(Saved entries)
********************
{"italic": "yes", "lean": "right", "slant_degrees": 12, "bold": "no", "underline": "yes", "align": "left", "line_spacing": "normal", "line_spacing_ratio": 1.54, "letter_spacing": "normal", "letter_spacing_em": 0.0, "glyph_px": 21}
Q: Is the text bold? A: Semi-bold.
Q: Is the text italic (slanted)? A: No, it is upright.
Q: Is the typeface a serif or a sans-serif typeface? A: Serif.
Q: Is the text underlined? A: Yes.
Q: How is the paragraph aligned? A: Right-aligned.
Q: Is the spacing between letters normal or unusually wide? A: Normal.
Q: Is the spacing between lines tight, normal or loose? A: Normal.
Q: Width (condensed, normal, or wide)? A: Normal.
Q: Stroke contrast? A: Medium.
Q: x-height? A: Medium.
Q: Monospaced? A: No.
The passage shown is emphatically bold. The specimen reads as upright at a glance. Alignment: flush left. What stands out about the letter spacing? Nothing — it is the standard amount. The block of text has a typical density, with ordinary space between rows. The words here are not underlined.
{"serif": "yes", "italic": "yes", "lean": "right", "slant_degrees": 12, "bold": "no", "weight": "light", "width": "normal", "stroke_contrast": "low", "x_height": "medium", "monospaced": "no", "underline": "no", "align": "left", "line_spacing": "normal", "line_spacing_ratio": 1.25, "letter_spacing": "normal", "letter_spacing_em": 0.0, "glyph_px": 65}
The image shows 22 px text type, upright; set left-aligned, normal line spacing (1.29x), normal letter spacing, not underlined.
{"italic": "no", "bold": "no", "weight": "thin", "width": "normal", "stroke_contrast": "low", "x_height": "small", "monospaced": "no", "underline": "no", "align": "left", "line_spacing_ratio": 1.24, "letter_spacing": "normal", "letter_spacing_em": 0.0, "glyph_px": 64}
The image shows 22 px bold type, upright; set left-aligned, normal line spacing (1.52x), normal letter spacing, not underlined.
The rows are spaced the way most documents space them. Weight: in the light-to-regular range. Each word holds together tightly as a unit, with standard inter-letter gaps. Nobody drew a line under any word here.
********************
**Required action**
Copy each line, exactly, that falls between the line containing "Q: Is the text italic" and the end of the entries, both included.

**Task result**
Q: Is the text italic (slanted)? A: No, it is upright.
Q: Is the typeface a serif or a sans-serif typeface? A: Serif.
Q: Is the text underlined? A: Yes.
Q: How is the paragraph aligned? A: Right-aligned.
Q: Is the spacing between letters normal or unusually wide? A: Normal.
Q: Is the spacing between lines tight, normal or loose? A: Normal.
Q: Width (condensed, normal, or wide)? A: Normal.
Q: Stroke contrast? A: Medium.
Q: x-height? A: Medium.
Q: Monospaced? A: No.
The passage shown is emphatically bold. The specimen reads as upright at a glance. Alignment: flush left. What stands out about the letter spacing? Nothing — it is the standard amount. The block of text has a typical density, with ordinary space between rows. The words here are not underlined.
{"serif": "yes", "italic": "yes", "lean": "right", "slant_degrees": 12, "bold": "no", "weight": "light", "width": "normal", "stroke_contrast": "low", "x_height": "medium", "monospaced": "no", "underline": "no", "align": "left", "line_spacing": "normal", "line_spacing_ratio": 1.25, "letter_spacing": "normal", "letter_spacing_em": 0.0, "glyph_px": 65}
The image shows 22 px text type, upright; set left-aligned, normal line spacing (1.29x), normal letter spacing, not underlined.
{"italic": "no", "bold": "no", "weight": "thin", "width": "normal", "stroke_contrast": "low", "x_height": "small", "monospaced": "no", "underline": "no", "align": "left", "line_spacing_ratio": 1.24, "letter_spacing": "normal", "letter_spacing_em": 0.0, "glyph_px": 64}
The image shows 22 px bold type, upright; set left-aligned, normal line spacing (1.52x), normal letter spacing, not underlined.
The rows are spaced the way most documents space them. Weight: in the light-to-regular range. Each word holds together tightly as a unit, with standard inter-letter gaps. Nobody drew a line under any word here.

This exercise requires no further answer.